Assets Liabilities and Equity

Cash $ 6,000 Accounts payable $ 15,000

Marketable securities 14,000 Accruals 10,000

Accounts receivable 30,000 Short-term bank loan 15,000

Inventory 20,000 Long-term debt 20,000

Plant and equipment 30,000 Common stock 10,000

Retained earnings 30,000

$100,000 $100,000

Sales are currently $100,000 and you expect them to decline by 20% to $80,000. You have previously used percent of sales to forecast selected assets and liabilities (i.e., accounts receivable, inventory, accounts payable, and accruals).

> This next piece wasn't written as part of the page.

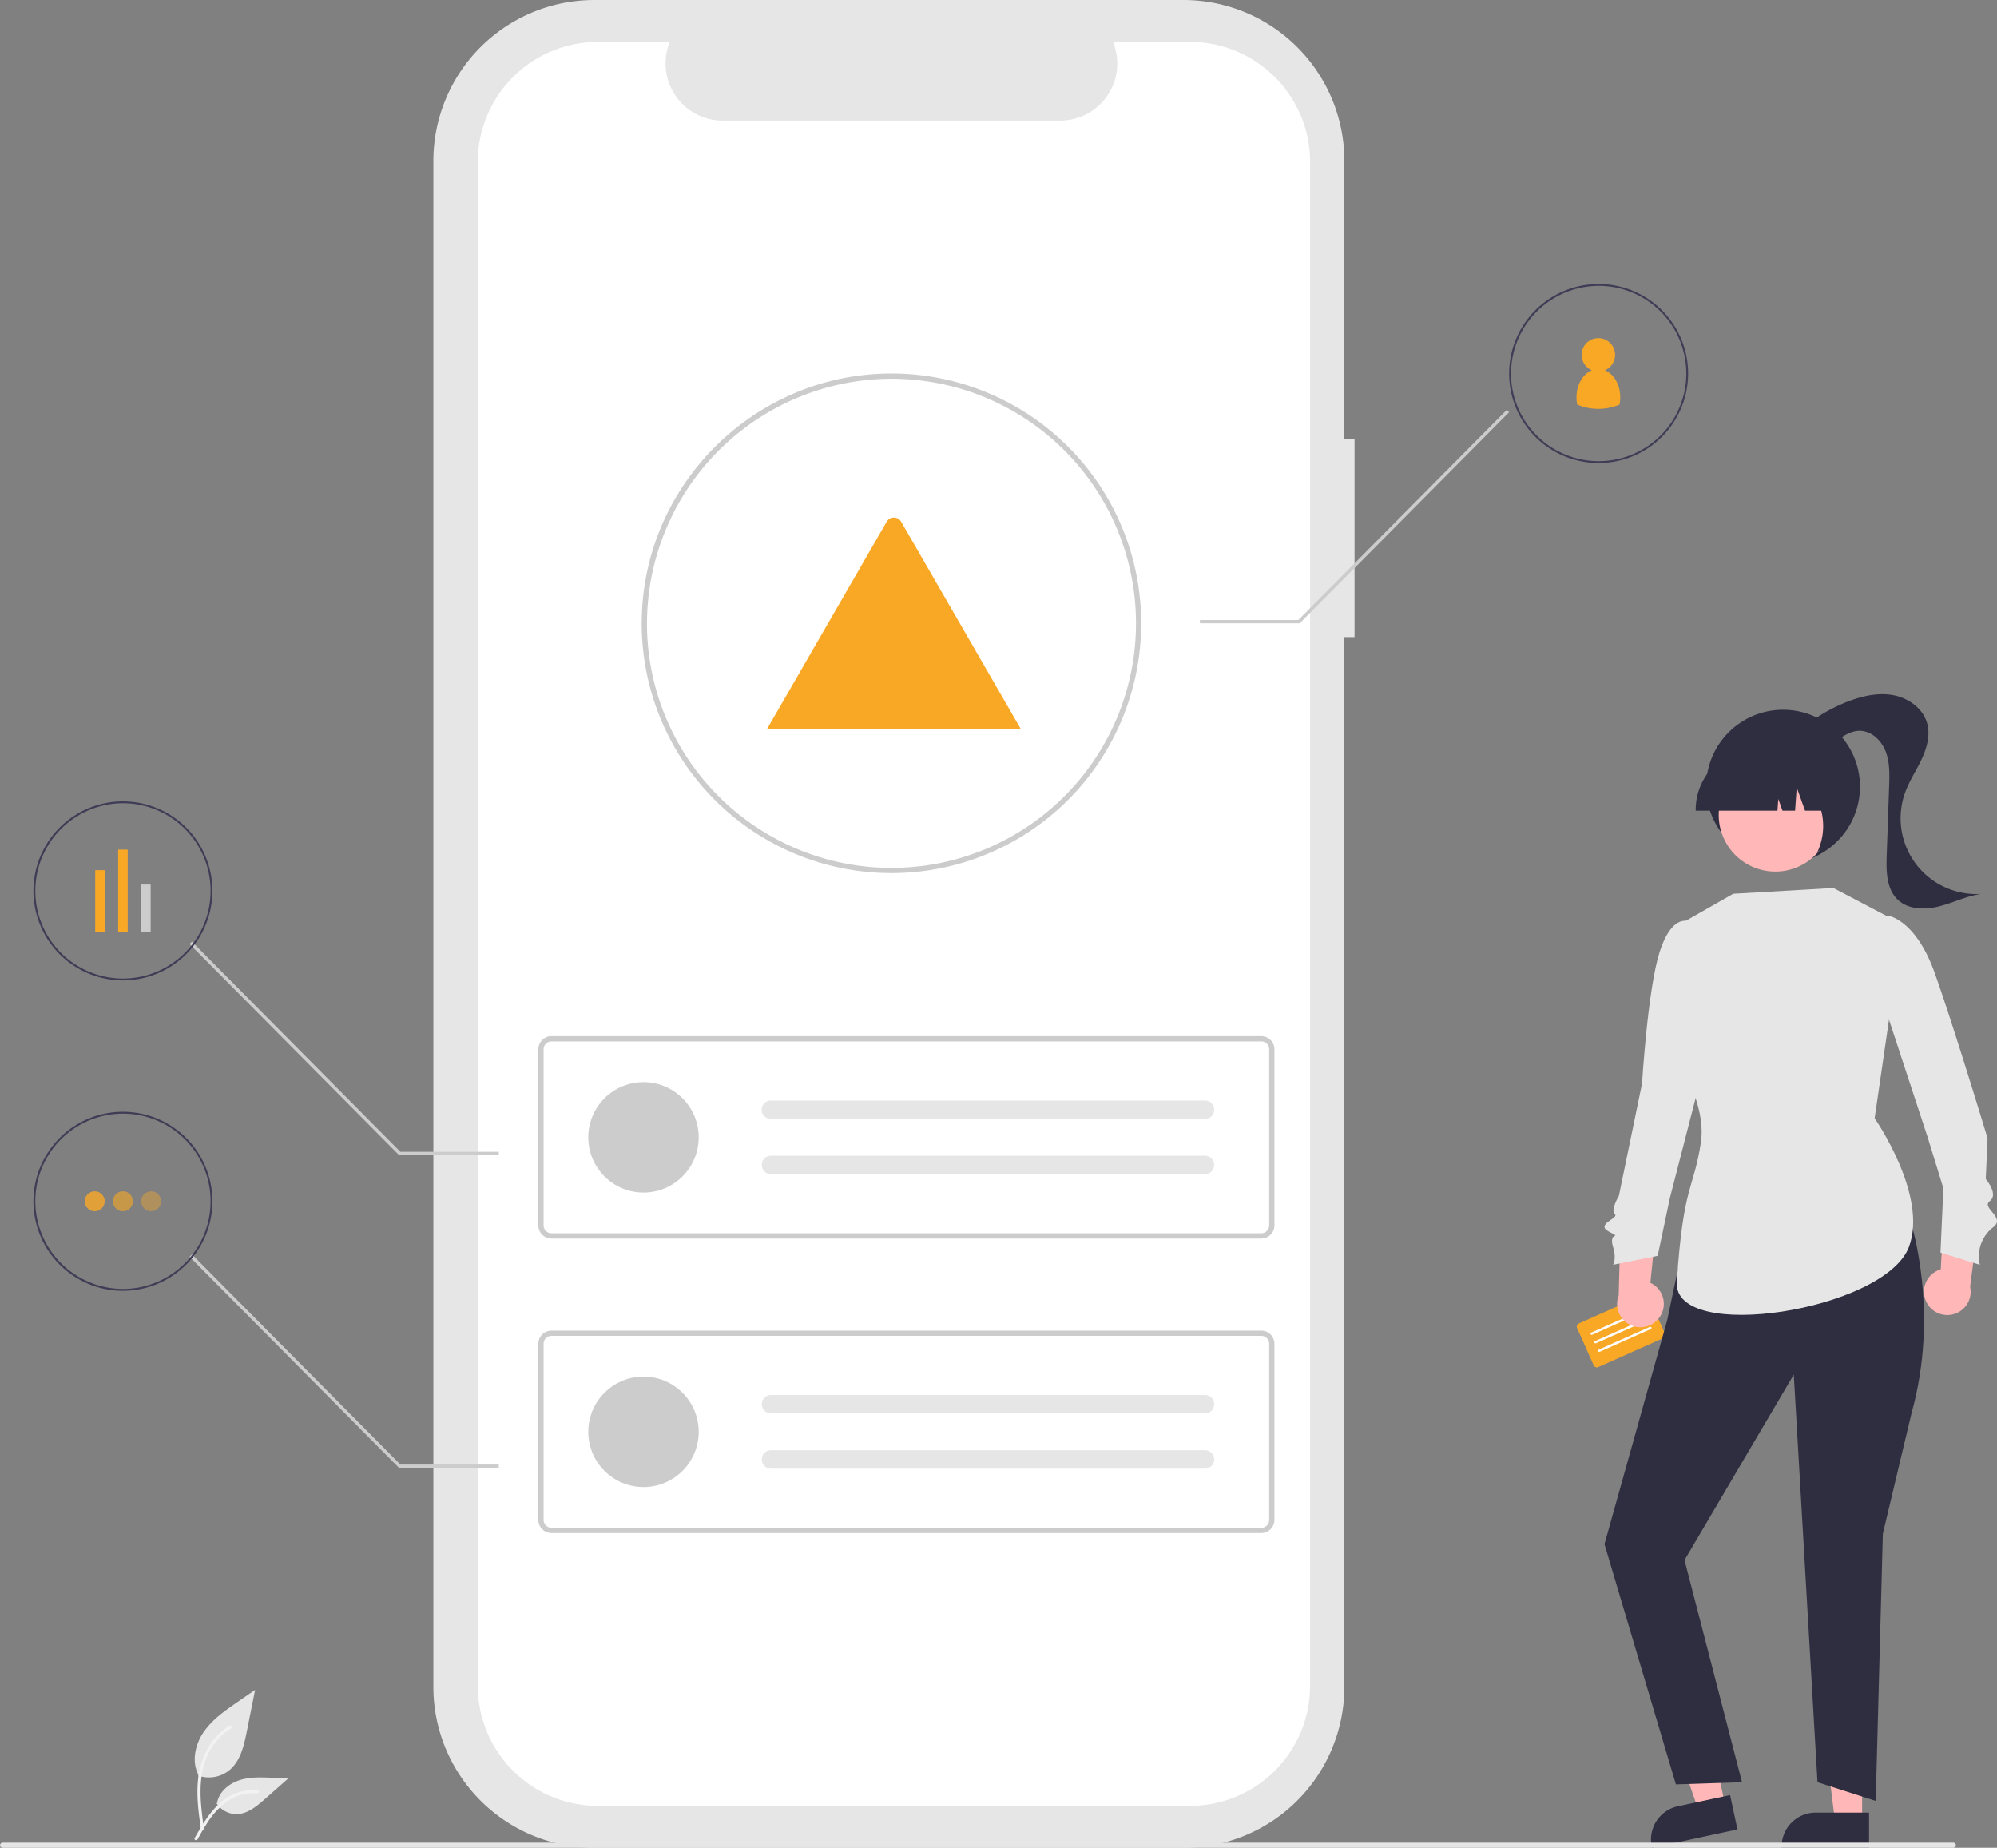 <svg xmlns="http://www.w3.org/2000/svg" xmlns:xlink="http://www.w3.org/1999/xlink" width="786.714" height="727.778" viewBox="0 0 786.714 727.778"><rect x="0" y="0" width="786.714" height="727.778" fill="#808080" stroke="none"/><g id="Group_89" data-name="Group 89" transform="translate(-247.83 -75.611)"><path id="Path_1321-270" data-name="Path 1321" d="M939.7,235.558h-4V126.013a63.4,63.4,0,0,0-63.4-63.4H640.213a63.4,63.4,0,0,0-63.4,63.4V726.987a63.4,63.4,0,0,0,63.4,63.4H872.3a63.4,63.4,0,0,0,63.4-63.4V313.534h4Z" transform="translate(-158.255 13)" fill="#e6e6e6"></path><path id="Path_1322-271" data-name="Path 1322" d="M874.858,79.106H844.563A22.495,22.495,0,0,1,823.735,110.1H690.776a22.495,22.495,0,0,1-20.827-30.991h-28.3a47.348,47.348,0,0,0-47.348,47.348V726.546a47.348,47.348,0,0,0,47.348,47.348h233.2a47.348,47.348,0,0,0,47.348-47.348h0V126.454a47.348,47.348,0,0,0-47.348-47.348Z" transform="translate(-158.255 13)" fill="#fff"></path><path id="Path_39-272" data-name="Path 39" d="M902.962,550.43H623.343a5.184,5.184,0,0,1-5.178-5.178V475.891a5.184,5.184,0,0,1,5.178-5.178H902.962a5.184,5.184,0,0,1,5.178,5.178v69.362A5.184,5.184,0,0,1,902.962,550.43ZM623.343,472.784a3.11,3.11,0,0,0-3.107,3.107v69.362a3.11,3.11,0,0,0,3.107,3.107H902.962a3.11,3.11,0,0,0,3.107-3.107V475.891a3.11,3.11,0,0,0-3.107-3.107Z" transform="translate(-158.255 13)" fill="#ccc"></path><circle id="Ellipse_5" data-name="Ellipse 5" cx="21.748" cy="21.748" r="21.748" transform="translate(479.586 501.822)" fill="#ccc"></circle><path id="Path_40-273" data-name="Path 40" d="M709.817,496.073a3.625,3.625,0,1,0,0,7.249H880.7a3.625,3.625,0,1,0,.119-7.249h-171Z" transform="translate(-158.255 13)" fill="#e6e6e6"></path><path id="Path_41-274" data-name="Path 41" d="M709.817,517.821a3.625,3.625,0,1,0,0,7.25H880.7a3.625,3.625,0,1,0,.119-7.249h-171Z" transform="translate(-158.255 13)" fill="#e6e6e6"></path><path id="Path_42-275" data-name="Path 42" d="M902.962,666.42H623.343a5.184,5.184,0,0,1-5.178-5.178V591.881a5.184,5.184,0,0,1,5.178-5.178H902.962a5.184,5.184,0,0,1,5.178,5.178v69.362a5.184,5.184,0,0,1-5.178,5.177ZM623.343,588.774a3.11,3.11,0,0,0-3.107,3.107v69.362a3.11,3.11,0,0,0,3.107,3.107H902.962a3.11,3.11,0,0,0,3.107-3.107V591.881a3.11,3.11,0,0,0-3.107-3.107Z" transform="translate(-158.255 13)" fill="#ccc"></path><circle id="Ellipse_6" data-name="Ellipse 6" cx="21.748" cy="21.748" r="21.748" transform="translate(479.586 617.813)" fill="#ccc"></circle><path id="Path_43-276" data-name="Path 43" d="M709.817,612.063a3.625,3.625,0,1,0,0,7.25H880.7a3.625,3.625,0,1,0,.119-7.249h-171Z" transform="translate(-158.255 13)" fill="#e6e6e6"></path><path id="Path_44-277" data-name="Path 44" d="M709.817,633.811a3.625,3.625,0,1,0,0,7.25H880.7a3.625,3.625,0,1,0,.119-7.249h-171Z" transform="translate(-158.255 13)" fill="#e6e6e6"></path><path id="Path_45-278" data-name="Path 45" d="M757.268,406.495a98.343,98.343,0,0,1-98.384-98.3v-.082c0-.206,0-.423.012-.629.3-53.879,44.432-97.756,98.372-97.756a98.384,98.384,0,1,1,.011,196.768h-.011Zm0-194.7a96.519,96.519,0,0,0-96.3,95.749c-.011.22-.011.4-.011.564a96.325,96.325,0,1,0,96.325-96.313Z" transform="translate(-158.255 13)" fill="#ccc"></path><path id="Path_711-279" data-name="Path 711" d="M678.036,584.1H578.423a2.029,2.029,0,0,1-.372-.03l47.112-81.6a3.3,3.3,0,0,1,5.742,0l31.618,54.763,1.515,2.62Z" transform="translate(-28.044 -221.332)" fill="#f9a826"></path><path id="Path_1265-280" data-name="Path 1265" d="M395.632,593.142a14.257,14.257,0,0,1-.289,2.868,21.322,21.322,0,0,1-16.65,0,14.262,14.262,0,0,1-.289-2.868c0-5.006,2.549-9.237,6.06-10.651a6.587,6.587,0,1,1,5.107,0C393.083,583.905,395.632,588.136,395.632,593.142Z" transform="translate(490.489 -361.041)" fill="#f9a826"></path><path id="Path_1362-281" data-name="Path 1362" d="M517.266,138.016l82.121,82.769h38.77v1.3H598.844l-.191-.193-82.312-82.963Z" transform="translate(-193.821 308.484)" fill="#ccc"></path><path id="Path_45-2-282" data-name="Path 45" d="M694.141,280.24a35.242,35.242,0,0,1-35.257-35.228v-.029c0-.074,0-.152,0-.225a35.257,35.257,0,1,1,35.257,35.482h0Zm0-69.773a34.589,34.589,0,0,0-34.51,34.313c0,.079,0,.143,0,.2a34.519,34.519,0,1,0,34.519-34.515Z" transform="translate(-397.884 181.512)" fill="#3f3d56"></path><path id="Path_1363-283" data-name="Path 1363" d="M517.266,138.016l82.121,82.769h38.77v1.3H598.844l-.191-.193-82.312-82.962Z" transform="translate(-193.821 431.666)" fill="#ccc"></path><path id="Path_45-3-284" data-name="Path 45" d="M694.141,209.726a35.242,35.242,0,0,0-35.257,35.228v.029c0,.074,0,.152,0,.225a35.257,35.257,0,1,0,35.257-35.482h0Zm0,69.773a34.589,34.589,0,0,1-34.51-34.313c0-.079,0-.143,0-.2A34.519,34.519,0,1,1,694.146,279.5Z" transform="translate(-397.884 303.775)" fill="#3f3d56"></path><rect id="Rectangle_31" data-name="Rectangle 31" width="18.746" height="3.758" transform="translate(307.185 423.994) rotate(90)" fill="#ccc"></rect><rect id="Rectangle_32" data-name="Rectangle 32" width="32.493" height="3.758" transform="translate(298.138 410.25) rotate(90)" fill="#f9a826"></rect><rect id="Rectangle_38" data-name="Rectangle 38" width="24.397" height="3.758" transform="translate(289.091 418.346) rotate(90)" fill="#f9a826"></rect><circle id="Ellipse_193" data-name="Ellipse 193" cx="3.936" cy="3.936" r="3.936" transform="translate(281.209 544.822)" fill="#f9a826" opacity="0.8"></circle><circle id="Ellipse_194" data-name="Ellipse 194" cx="3.936" cy="3.936" r="3.936" transform="translate(303.437 544.822)" fill="#f9a826" opacity="0.4"></circle><g id="Group_86" data-name="Group 86" transform="matrix(0.914, -0.407, 0.407, 0.914, 329.877, 386.67)"><path id="Path_1341-285" data-name="Path 1341" d="M406.822,411.073a1.377,1.377,0,0,0-1.375,1.375v16.046a1.377,1.377,0,0,0,1.375,1.375h27.966a1.377,1.377,0,0,0,1.375-1.375V412.448a1.377,1.377,0,0,0-1.375-1.375Z" transform="translate(0.7 0.389)" fill="#f9a826"></path><path id="Path_1342-286" data-name="Path 1342" d="M435.439,422.174H413.432a.458.458,0,1,1,0-.917h22.006a.458.458,0,0,1,0,.917Z" transform="translate(-2.93 -4.523)" fill="#fff"></path><path id="Path_1343-287" data-name="Path 1343" d="M435.439,429.259H413.432a.458.458,0,1,1,0-.917h22.006a.458.458,0,1,1,0,.917Z" transform="translate(-2.93 -7.94)" fill="#fff"></path><path id="Path_1344-288" data-name="Path 1344" d="M435.439,436.343H413.433a.458.458,0,1,1,0-.917h22.006a.458.458,0,0,1,0,.917Z" transform="translate(-2.93 -11.357)" fill="#fff"></path></g><circle id="Ellipse_195" data-name="Ellipse 195" cx="3.936" cy="3.936" r="3.936" transform="translate(292.323 544.822)" fill="#f9a826" opacity="0.6"></circle><g id="Group_85" data-name="Group 85" transform="translate(295.67 125.32)"><path id="Path_1375-289" data-name="Path 1375" d="M295.905,535.2a9.138,9.138,0,0,1,5.678-12.81l1.757-32.425L316.9,500l-3.748,29.253a9.187,9.187,0,0,1-17.251,5.944Z" transform="translate(415.135 -72.141)" fill="#ffb7b7"></path><path id="Path_1376-290" data-name="Path 1376" d="M436.142,541.231a9.138,9.138,0,0,0-3.636-13.532l3.263-32.308-14.949,7.827-.807,29.481a9.187,9.187,0,0,0,16.129,8.532Z" transform="translate(169.818 -72.141)" fill="#ffb7b7"></path><path id="Path_1377-291" data-name="Path 1377" d="M225.135,591.715h-10.68l-5.082-41.2h15.764Z" transform="translate(460.604 76)" fill="#ffb7b7"></path><path id="Path_1378-292" data-name="Path 1378" d="M372.985,736.368H351.95a13.405,13.405,0,0,0-13.4,13.4v.436h34.439Z" transform="translate(315.479 -72.141)" fill="#2f2e41"></path><path id="Path_1379-293" data-name="Path 1379" d="M287.364,585.3l-10.444,2.238-13.6-39.219,15.414-3.3Z" transform="translate(344.431 76)" fill="#ffb7b7"></path><path id="Path_1380-294" data-name="Path 1380" d="M421.548,729.46l-20.568,4.407h0a13.405,13.405,0,0,0-10.3,15.916l.091.426,33.675-7.215Z" transform="translate(212.181 -72.141)" fill="#2f2e41"></path><path id="Path_1381-295" data-name="Path 1381" d="M437.648,504.094s11.363,35.119.235,74.833L426.556,626.5l-2.811,105.263L400.808,724.4l-9.345-160.557L348.422,636.9l22.654,87.5-26.052.849-28.132-94.627,24.734-88.3,4.531-21.521Z" transform="translate(267.349 -72.141)" fill="#2f2e41"></path><path id="Path_1382-296" data-name="Path 1382" d="M330.288,387.463l22.814-13,39.468-2.281,27.377,14.373L408.821,462.88s21.22,30.454,13.483,50.745c-9.549,25.044-93.046,38.109-91.413,13.668,2.577-38.57,6.558-35.91,9.476-54.824,3.2-20.753-19.206-47.363-19.206-47.363Z" transform="translate(281.846 -72.141)" fill="#e6e6e6"></path><path id="Path_1383-297" data-name="Path 1383" d="M288.136,394.079l2.543-11.022s10.849,1.4,18.368,22.405,20.884,65.272,20.884,65.272l-.7,16.083s5.151,5.951,1.6,8.669,6.419,6.4,1.369,10.266a14.493,14.493,0,0,0-5.293,14.829l-15.514-4.791,1.141-25.324-6.146-19.962-16.426-49.963Z" transform="translate(405.216 -72.141)" fill="#e6e6e6"></path><path id="Path_1384-298" data-name="Path 1384" d="M442.4,395.958l-3.456-10.689s-6.364-2.6-11.062,12.072-6.928,51.815-6.928,51.815l-9.126,44.27s-3.41,5.638-1.6,7.254-7.963,3.888-2.281,6.882-.49-.645,1.633,6.181c1.394,4.483-.036,6.839-.036,6.839l17.567-3.534,4.791-22.693,10.867-42.191Z" transform="translate(178.091 -72.141)" fill="#e6e6e6"></path><ellipse id="Ellipse_254" data-name="Ellipse 254" cx="30.298" cy="30.298" rx="30.298" ry="30.298" transform="translate(624.298 229.844)" fill="#2f2e41"></ellipse><path id="Path_1385-299" data-name="Path 1385" d="M294.261,313.427a63.528,63.528,0,0,1,23.113-14.946c5.587-2.07,11.668-3.349,17.509-2.173s11.365,5.216,12.995,10.947c1.332,4.686-.043,9.732-2.111,14.144s-4.829,8.5-6.5,13.078A29.85,29.85,0,0,0,369.3,374.505c-5.739.77-11.03,3.467-16.639,4.9s-12.231,1.338-16.4-2.681c-4.411-4.252-4.5-11.166-4.286-17.289l.951-27.306c.162-4.642.3-9.432-1.374-13.765s-5.652-8.126-10.3-8.087c-3.52.03-6.636,2.162-9.458,4.265s-5.811,4.347-9.317,4.659-7.509-2.282-7.247-5.792Z" transform="translate(363.447 -72.141)" fill="#2f2e41"></path><ellipse id="Ellipse_255" data-name="Ellipse 255" cx="22.302" cy="22.302" rx="22.302" ry="22.302" transform="translate(642.678 301.545) rotate(-118.663)" fill="#ffb7b7"></ellipse><path id="Path_1386-300" data-name="Path 1386" d="M354.16,341.731h32.2l.33-4.624,1.651,4.624H393.3l.654-9.164,3.273,9.164h9.6v-.454a24.09,24.09,0,0,0-24.063-24.063h-4.54a24.09,24.09,0,0,0-24.063,24.063Z" transform="translate(266.023 -72.141)" fill="#2f2e41"></path><path id="Path_1387-301" data-name="Path 1387" d="M357.5,358.351l11.76-11.773,1.983-26.061H345.282l.643.642C354.867,330.089,364.52,343.194,357.5,358.351Z" transform="translate(310.486 -72.141)" fill="#2f2e41"></path></g><path id="Path_944-302" data-name="Path 944" d="M1006.459,659.044H237.982a1,1,0,1,1,0-2h768.477a1,1,0,1,1,0,2Z" transform="translate(10.882 144.346)" fill="#e6e6e6"></path><g id="Group_58" data-name="Group 58" transform="translate(324.445 741.219)"><path id="Path_438-303" data-name="Path 438" d="M264.378,626.53a12.8,12.8,0,0,0,12.364-2.178c4.33-3.635,5.688-9.623,6.793-15.168l3.268-16.4-6.841,4.711c-4.92,3.388-9.95,6.884-13.356,11.79s-4.893,11.6-2.156,16.914" transform="translate(-262.92 -592.784)" fill="#e6e6e6"></path><path id="Path_439-304" data-name="Path 439" d="M266.983,697.106c-.861-6.273-1.747-12.627-1.143-18.967a29.832,29.832,0,0,1,5.752-15.64,26.018,26.018,0,0,1,6.675-6.049c.668-.421,1.282.637.617,1.056a24.735,24.735,0,0,0-9.784,11.805c-2.13,5.418-2.472,11.324-2.105,17.079.222,3.48.692,6.938,1.167,10.391a.634.634,0,0,1-.427.752.615.615,0,0,1-.752-.427Z" transform="translate(-264.469 -642.364)" fill="#f2f2f2"></path><path id="Path_442-305" data-name="Path 442" d="M289.28,708.161a9.425,9.425,0,0,0,8.212,4.238c4.157-.2,7.623-3.1,10.743-5.853l9.228-8.147-6.107-.292c-4.392-.21-8.9-.406-13.08.948s-8.041,4.614-8.806,8.944" transform="translate(-280.568 -663.484)" fill="#e6e6e6"></path><path id="Path_443-306" data-name="Path 443" d="M262.845,737.661c4.145-7.335,8.953-15.486,17.544-18.092a19.578,19.578,0,0,1,7.379-.762c.783.068.588,1.275-.194,1.208a18.188,18.188,0,0,0-11.776,3.116,30.61,30.61,0,0,0-8.094,8.735c-1.34,2.041-2.541,4.169-3.742,6.294C263.579,738.839,262.457,738.349,262.845,737.661Z" transform="translate(-262.765 -679.313)" fill="#f2f2f2"></path></g><path id="Path_45-4-307" data-name="Path 45" d="M694.141,280.24a35.242,35.242,0,0,1-35.257-35.228v-.029c0-.074,0-.152,0-.225a35.257,35.257,0,1,1,35.257,35.482h0Zm0-69.773a34.589,34.589,0,0,0-34.51,34.313c0,.079,0,.143,0,.2a34.519,34.519,0,1,0,34.519-34.515Z" transform="translate(183.469 -22.258)" fill="#3f3d56"></path><path id="Path_1414-308" data-name="Path 1414" d="M637.231,138.016l-82.121,82.769h-38.77v1.3h39.313l.191-.193,82.312-82.962Z" transform="translate(204.196 99.023)" fill="#ccc"></path></g></svg>

Other factors that will affect your forecast include:

1. $10,000 of the bank loan must be retired.

2. You believe that the plant and equipment are sufficient to meet the declining sales.

3. The net profit margin on sales is 10%.

4. The firm distributes all earnings.

5. The marketable securities will not mature for two years.

To help forecast the firm's future financial position, fill in all the anticipated entries prior to any changes in the firm's debt structure. Since the entries are forecasted, the sum of the two sides need not be balanced.

Assets Liabilities and Equity

Cash $ 6,000 Accounts payable $

Marketable securities 14,000 Accruals

Accounts receivable Bank loan

Inventory Long-term debt 20,000

Plant and equipment 30,000 Common stock 10,000

Retained earnings

$ $ .

Based on your forecasts, answer the following questions:

1. Will the firm need additional finance? If so, how much additional financing will the

firm need?

2. If the firm were to liquidate its marketable securities at a loss for $12,000, would that cover its financial needs? Explain

3. The terms of the long-term debts indenture will not permit additional long-term if the quick ratio is less than 2:1. Based on the forecast, will the firm meet this condition?

4. Would a change in the dividend policy help solve any financial needs? Explain.